- Work to complete -
Scan the lines below for "offset" and copy the matches.

- Records provided -

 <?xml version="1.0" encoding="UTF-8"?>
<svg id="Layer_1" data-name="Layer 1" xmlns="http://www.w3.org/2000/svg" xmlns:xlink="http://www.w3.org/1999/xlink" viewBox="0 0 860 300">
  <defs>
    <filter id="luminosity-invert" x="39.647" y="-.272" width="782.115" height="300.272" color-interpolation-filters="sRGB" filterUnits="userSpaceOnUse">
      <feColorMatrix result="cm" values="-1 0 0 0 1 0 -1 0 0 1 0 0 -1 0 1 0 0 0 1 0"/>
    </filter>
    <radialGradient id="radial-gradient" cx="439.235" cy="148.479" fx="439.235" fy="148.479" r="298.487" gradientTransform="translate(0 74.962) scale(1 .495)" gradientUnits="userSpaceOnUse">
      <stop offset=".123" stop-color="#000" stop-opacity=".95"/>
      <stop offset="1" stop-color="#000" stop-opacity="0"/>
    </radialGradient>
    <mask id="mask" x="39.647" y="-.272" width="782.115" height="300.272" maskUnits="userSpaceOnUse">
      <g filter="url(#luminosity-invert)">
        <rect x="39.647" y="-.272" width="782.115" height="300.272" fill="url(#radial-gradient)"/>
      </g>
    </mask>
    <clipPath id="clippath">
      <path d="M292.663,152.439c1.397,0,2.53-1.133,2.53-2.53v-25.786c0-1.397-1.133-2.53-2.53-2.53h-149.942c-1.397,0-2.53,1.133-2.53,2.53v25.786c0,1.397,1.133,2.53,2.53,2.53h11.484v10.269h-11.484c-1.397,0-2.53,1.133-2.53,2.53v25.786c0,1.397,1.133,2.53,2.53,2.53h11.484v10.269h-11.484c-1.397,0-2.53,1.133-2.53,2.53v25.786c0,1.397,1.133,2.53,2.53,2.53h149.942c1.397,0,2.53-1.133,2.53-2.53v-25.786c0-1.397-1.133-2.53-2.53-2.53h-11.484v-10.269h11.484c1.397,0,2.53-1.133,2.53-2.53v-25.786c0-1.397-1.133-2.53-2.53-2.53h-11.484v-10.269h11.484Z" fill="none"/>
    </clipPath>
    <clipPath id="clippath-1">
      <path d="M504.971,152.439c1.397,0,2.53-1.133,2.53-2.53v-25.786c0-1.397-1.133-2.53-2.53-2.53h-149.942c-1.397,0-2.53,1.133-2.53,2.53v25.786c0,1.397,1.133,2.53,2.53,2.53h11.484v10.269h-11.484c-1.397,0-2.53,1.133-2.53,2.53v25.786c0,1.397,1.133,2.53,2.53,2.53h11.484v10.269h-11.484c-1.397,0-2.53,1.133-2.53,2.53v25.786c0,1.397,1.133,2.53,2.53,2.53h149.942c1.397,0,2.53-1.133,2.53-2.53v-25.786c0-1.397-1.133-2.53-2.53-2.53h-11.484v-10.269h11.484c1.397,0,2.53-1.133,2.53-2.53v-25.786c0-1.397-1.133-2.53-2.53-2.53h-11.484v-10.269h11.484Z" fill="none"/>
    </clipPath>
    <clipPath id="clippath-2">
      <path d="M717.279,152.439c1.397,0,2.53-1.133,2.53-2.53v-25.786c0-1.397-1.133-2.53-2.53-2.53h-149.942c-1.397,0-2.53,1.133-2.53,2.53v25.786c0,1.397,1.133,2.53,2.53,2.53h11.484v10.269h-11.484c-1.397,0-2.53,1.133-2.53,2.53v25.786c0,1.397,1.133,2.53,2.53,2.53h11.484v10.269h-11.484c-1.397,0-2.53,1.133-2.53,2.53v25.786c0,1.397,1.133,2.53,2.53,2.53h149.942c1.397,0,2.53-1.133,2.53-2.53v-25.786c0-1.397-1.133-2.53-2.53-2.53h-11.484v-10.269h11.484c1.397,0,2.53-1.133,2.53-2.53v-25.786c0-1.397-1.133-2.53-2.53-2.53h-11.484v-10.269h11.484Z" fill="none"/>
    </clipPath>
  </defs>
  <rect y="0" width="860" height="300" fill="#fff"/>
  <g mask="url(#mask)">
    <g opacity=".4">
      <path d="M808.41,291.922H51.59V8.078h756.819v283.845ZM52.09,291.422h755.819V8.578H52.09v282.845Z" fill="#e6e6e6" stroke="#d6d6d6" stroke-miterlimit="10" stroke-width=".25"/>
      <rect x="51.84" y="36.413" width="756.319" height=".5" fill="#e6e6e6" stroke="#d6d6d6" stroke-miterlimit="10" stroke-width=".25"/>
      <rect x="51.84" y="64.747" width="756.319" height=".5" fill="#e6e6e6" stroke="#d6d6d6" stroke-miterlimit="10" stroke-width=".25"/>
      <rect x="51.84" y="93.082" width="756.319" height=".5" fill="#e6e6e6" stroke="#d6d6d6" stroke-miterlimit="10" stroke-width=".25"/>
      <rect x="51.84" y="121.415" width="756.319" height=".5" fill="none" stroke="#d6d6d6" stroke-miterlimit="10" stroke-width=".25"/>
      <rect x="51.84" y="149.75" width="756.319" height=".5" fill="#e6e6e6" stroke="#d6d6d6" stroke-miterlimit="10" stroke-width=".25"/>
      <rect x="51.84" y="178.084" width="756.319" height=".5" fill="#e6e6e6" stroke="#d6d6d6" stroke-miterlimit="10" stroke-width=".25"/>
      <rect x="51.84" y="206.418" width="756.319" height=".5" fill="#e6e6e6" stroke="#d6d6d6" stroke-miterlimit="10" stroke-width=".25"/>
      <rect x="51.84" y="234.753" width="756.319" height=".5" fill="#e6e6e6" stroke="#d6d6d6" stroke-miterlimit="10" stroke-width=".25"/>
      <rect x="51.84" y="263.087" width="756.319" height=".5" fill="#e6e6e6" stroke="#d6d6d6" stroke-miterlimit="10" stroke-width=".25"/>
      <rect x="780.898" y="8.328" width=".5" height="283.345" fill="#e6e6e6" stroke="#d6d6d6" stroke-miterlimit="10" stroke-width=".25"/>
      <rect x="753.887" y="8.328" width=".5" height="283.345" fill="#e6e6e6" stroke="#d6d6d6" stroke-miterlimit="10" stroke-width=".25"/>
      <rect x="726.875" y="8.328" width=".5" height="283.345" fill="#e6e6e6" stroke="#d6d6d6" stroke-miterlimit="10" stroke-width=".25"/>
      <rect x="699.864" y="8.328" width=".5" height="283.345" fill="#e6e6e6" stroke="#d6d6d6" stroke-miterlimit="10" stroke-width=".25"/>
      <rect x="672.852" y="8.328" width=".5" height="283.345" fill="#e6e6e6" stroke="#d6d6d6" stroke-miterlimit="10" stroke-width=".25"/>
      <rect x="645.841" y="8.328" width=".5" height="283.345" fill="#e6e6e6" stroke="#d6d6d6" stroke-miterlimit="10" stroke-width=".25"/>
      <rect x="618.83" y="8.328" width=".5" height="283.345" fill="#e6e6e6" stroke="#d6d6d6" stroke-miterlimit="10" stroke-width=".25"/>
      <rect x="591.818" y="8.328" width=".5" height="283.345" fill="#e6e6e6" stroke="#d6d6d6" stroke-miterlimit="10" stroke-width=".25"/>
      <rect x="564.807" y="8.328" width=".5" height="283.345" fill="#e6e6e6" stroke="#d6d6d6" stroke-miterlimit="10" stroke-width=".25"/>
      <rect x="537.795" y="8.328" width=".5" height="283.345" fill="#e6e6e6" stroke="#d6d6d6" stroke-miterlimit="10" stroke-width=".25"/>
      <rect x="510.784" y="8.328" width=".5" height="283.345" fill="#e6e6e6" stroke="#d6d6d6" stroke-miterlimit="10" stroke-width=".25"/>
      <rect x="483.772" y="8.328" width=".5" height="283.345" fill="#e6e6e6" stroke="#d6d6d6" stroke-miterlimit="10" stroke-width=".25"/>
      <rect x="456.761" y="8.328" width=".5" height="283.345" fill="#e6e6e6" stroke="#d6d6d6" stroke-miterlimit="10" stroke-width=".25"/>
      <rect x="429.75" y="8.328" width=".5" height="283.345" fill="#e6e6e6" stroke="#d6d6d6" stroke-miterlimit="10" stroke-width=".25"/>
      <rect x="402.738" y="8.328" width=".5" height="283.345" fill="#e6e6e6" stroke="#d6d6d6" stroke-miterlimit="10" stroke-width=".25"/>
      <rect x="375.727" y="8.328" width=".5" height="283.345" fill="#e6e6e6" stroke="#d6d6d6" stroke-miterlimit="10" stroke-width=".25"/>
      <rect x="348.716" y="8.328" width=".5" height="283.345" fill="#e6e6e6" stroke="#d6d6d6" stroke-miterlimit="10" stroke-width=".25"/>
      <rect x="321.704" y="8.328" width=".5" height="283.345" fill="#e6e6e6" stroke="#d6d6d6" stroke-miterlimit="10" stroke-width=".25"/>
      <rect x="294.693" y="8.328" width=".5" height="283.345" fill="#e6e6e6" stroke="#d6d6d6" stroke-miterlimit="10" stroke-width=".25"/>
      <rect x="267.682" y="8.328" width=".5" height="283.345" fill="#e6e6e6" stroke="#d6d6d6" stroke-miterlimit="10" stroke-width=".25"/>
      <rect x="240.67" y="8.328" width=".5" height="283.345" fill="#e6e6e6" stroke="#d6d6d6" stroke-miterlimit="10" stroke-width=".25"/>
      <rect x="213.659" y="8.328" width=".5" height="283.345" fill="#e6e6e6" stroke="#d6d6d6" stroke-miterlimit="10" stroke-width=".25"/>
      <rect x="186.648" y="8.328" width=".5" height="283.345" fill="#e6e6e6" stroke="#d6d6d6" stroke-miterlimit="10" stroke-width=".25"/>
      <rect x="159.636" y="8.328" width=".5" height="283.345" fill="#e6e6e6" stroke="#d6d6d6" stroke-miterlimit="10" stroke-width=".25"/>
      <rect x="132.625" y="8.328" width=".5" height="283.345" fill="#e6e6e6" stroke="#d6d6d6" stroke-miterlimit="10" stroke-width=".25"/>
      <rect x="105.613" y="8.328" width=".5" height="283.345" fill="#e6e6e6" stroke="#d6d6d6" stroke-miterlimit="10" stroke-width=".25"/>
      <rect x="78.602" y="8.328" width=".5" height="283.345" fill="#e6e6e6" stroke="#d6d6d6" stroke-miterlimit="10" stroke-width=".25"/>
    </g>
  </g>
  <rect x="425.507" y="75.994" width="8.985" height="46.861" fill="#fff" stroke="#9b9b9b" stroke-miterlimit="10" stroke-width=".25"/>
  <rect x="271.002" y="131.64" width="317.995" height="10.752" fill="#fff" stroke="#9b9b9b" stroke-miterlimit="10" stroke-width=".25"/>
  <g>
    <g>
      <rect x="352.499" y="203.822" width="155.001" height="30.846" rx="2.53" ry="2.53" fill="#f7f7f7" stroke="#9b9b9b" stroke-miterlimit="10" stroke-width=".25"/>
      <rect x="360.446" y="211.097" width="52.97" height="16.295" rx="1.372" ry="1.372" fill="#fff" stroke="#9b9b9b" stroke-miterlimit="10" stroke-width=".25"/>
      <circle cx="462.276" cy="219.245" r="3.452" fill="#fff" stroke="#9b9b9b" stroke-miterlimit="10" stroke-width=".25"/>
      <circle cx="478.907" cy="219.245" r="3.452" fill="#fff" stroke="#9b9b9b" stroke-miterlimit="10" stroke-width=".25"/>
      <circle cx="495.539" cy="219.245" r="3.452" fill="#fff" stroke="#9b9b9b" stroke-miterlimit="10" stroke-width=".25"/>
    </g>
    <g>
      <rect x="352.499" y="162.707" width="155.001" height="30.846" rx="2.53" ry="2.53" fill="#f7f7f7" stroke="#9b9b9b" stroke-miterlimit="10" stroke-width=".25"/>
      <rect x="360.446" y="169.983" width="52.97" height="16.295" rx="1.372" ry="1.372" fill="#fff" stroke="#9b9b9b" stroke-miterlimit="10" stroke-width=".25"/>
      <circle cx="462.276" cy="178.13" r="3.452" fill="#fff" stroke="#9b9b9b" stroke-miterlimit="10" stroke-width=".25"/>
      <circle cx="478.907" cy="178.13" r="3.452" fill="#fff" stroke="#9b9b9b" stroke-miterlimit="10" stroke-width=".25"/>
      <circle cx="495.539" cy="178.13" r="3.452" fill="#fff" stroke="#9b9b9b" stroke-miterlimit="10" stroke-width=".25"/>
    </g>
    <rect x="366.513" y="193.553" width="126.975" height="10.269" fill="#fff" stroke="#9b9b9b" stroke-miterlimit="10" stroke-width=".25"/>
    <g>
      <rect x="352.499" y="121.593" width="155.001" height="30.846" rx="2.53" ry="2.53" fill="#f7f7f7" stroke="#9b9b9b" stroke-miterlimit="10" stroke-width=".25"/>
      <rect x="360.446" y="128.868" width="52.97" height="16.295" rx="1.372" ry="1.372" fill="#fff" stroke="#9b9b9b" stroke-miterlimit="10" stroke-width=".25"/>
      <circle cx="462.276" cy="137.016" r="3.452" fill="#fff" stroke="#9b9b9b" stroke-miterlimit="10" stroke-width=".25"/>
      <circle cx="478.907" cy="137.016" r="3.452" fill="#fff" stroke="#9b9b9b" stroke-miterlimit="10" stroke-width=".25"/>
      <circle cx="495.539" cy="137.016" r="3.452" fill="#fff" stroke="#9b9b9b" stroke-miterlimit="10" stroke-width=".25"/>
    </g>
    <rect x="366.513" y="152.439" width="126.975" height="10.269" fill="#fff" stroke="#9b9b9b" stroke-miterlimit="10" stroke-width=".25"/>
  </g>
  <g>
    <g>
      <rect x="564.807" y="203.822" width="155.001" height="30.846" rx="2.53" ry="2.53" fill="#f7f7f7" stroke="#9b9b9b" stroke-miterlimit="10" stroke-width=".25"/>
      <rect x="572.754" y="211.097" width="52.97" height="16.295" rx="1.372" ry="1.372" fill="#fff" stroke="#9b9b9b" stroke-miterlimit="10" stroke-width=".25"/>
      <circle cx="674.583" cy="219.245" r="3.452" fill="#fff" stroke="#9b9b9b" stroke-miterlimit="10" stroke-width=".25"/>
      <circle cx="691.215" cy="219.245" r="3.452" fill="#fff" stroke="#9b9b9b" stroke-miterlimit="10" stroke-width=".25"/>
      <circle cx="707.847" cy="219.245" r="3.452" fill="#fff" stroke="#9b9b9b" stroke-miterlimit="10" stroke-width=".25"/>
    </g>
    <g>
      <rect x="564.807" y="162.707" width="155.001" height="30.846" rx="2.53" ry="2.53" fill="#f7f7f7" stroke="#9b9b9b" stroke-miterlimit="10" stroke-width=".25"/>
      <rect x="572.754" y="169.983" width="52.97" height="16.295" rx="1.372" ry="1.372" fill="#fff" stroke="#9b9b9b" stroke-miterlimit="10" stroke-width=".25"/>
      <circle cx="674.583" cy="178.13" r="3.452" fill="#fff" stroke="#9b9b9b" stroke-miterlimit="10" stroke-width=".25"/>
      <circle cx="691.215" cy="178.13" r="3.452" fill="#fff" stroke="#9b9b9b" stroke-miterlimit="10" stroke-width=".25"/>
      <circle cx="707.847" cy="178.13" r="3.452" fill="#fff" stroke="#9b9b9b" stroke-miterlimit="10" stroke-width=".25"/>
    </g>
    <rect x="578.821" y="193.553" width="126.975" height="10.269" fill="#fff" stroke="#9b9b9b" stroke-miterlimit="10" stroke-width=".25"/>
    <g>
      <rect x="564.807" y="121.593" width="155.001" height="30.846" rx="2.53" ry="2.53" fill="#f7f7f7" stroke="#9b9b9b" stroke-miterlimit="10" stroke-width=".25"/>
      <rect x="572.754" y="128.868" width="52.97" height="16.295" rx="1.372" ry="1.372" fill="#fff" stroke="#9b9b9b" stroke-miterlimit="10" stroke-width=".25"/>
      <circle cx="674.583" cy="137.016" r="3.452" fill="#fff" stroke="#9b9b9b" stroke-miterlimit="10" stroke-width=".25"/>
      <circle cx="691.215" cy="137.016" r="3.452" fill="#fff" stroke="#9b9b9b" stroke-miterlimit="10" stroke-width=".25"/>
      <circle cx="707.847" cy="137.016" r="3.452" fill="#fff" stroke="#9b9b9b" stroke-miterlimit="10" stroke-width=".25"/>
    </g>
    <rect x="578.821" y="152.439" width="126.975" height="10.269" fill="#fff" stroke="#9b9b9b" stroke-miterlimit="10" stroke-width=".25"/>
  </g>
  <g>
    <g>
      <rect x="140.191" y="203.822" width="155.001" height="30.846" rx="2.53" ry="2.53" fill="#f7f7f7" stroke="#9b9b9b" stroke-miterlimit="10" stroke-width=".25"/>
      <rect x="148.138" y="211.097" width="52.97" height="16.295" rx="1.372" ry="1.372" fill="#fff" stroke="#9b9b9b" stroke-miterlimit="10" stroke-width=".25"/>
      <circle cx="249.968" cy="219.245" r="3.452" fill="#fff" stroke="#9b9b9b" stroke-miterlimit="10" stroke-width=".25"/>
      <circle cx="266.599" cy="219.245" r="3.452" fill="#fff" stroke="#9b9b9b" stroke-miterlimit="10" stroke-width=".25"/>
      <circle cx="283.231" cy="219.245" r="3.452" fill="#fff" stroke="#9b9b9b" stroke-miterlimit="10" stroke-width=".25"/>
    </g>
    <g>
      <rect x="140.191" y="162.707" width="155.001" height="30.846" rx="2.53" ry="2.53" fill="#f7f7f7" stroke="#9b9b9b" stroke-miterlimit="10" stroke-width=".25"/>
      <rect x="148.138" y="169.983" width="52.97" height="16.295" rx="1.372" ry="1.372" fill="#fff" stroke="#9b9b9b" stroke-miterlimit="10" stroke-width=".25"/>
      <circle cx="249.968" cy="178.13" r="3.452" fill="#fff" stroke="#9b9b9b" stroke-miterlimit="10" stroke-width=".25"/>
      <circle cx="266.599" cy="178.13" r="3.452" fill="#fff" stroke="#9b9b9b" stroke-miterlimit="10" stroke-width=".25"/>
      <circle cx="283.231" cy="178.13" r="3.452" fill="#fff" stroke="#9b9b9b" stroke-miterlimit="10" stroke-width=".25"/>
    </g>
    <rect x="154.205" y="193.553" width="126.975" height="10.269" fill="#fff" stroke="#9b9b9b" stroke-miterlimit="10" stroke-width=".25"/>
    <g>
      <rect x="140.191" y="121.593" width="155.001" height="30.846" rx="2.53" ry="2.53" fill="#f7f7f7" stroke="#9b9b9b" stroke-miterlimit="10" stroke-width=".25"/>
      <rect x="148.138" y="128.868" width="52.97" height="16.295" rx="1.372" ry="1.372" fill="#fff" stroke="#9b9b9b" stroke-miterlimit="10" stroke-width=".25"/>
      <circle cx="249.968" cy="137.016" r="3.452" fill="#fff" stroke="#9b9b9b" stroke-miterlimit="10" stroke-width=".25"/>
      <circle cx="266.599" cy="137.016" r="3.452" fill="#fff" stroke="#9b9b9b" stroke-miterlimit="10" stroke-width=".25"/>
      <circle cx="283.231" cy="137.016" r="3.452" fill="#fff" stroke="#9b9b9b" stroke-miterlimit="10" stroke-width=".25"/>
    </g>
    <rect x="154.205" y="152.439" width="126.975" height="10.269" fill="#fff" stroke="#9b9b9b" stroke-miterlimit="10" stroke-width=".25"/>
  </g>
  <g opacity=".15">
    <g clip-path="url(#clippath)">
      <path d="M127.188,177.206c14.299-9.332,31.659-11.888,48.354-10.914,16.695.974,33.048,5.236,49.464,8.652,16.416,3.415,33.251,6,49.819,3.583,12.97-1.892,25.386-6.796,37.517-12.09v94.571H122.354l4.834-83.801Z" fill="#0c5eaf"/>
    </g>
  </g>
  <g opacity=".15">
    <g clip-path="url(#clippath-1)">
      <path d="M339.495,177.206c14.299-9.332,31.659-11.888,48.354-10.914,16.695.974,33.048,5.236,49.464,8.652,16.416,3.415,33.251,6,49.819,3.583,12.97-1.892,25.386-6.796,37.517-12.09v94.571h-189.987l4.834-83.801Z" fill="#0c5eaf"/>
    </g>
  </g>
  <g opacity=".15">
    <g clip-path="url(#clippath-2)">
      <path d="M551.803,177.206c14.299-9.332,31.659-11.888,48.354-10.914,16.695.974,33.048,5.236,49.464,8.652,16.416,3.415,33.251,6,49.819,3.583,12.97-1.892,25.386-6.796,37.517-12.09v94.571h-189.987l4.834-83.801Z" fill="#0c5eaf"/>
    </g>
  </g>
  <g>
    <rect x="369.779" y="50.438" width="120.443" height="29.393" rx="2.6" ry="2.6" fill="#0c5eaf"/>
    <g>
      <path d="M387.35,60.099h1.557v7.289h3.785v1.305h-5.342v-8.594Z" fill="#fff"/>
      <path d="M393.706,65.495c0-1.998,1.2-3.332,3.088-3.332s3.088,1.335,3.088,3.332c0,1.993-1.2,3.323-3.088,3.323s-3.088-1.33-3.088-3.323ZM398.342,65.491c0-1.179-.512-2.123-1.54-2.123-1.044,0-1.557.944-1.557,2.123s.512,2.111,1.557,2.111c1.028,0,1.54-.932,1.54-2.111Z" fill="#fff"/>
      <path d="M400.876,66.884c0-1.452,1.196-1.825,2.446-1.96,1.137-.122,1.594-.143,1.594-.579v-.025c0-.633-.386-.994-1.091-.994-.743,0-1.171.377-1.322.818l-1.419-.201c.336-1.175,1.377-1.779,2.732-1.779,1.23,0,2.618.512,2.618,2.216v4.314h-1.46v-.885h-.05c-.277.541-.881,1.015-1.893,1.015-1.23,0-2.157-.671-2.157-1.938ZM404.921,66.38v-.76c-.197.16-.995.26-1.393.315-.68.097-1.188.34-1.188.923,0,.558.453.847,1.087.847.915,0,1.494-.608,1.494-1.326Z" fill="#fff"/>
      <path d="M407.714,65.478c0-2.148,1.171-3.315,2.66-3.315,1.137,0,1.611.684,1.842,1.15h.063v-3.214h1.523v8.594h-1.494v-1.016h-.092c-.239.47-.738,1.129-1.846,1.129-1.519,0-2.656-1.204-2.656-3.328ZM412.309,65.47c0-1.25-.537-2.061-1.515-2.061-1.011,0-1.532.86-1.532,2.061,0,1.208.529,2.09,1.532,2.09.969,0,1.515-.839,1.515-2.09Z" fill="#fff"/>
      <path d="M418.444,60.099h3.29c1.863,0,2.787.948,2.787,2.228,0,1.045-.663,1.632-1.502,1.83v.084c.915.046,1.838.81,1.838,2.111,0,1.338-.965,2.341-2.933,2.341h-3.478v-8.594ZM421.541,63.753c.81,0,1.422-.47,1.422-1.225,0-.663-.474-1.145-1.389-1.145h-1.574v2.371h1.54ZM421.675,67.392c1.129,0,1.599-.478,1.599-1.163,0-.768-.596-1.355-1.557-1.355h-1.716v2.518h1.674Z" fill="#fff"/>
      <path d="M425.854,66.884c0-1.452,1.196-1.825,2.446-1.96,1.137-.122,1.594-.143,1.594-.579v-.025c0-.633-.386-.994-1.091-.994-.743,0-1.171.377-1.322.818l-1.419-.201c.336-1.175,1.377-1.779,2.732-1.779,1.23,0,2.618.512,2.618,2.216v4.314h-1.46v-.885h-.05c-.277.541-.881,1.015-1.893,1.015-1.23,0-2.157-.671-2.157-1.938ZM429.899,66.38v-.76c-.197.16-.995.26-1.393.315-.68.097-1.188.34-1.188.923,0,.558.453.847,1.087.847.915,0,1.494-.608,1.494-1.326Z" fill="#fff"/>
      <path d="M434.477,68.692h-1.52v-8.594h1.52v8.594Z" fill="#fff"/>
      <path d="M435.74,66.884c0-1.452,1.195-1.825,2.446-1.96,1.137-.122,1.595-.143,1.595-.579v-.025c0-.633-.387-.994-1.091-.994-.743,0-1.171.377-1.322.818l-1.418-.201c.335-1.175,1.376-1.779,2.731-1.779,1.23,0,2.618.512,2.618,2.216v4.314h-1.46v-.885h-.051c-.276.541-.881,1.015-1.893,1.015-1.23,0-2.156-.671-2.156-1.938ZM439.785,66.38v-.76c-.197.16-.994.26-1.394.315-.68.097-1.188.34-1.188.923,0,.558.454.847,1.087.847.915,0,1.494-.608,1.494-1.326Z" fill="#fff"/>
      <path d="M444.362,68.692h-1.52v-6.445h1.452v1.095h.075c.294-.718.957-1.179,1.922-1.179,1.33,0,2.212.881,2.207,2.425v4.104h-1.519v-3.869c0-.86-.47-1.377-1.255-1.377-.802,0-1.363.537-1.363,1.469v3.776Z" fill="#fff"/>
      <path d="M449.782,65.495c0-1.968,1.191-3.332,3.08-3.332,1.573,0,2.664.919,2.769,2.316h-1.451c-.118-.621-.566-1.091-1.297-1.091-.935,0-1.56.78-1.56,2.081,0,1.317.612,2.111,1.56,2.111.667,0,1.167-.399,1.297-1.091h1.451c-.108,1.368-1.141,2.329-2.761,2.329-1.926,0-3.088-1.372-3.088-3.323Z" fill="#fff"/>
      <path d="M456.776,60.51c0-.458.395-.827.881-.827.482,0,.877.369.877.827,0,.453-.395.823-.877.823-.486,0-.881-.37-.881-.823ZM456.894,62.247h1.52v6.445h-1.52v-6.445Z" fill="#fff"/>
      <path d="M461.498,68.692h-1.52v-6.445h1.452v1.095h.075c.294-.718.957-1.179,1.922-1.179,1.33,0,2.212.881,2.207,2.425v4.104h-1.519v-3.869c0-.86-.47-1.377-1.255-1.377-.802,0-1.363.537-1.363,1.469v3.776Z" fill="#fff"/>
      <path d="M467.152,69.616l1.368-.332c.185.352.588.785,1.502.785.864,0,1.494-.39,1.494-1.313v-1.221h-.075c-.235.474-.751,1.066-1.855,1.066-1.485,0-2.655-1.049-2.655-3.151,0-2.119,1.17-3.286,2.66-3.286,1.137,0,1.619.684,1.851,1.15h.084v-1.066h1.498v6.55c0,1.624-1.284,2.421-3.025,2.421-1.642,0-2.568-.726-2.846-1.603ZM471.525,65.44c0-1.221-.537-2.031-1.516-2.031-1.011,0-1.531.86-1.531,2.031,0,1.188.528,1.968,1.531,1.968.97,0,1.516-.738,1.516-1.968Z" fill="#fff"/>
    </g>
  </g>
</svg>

- Task output -
      <stop offset=".123" stop-color="#000" stop-opacity=".95"/>
      <stop offset="1" stop-color="#000" stop-opacity="0"/>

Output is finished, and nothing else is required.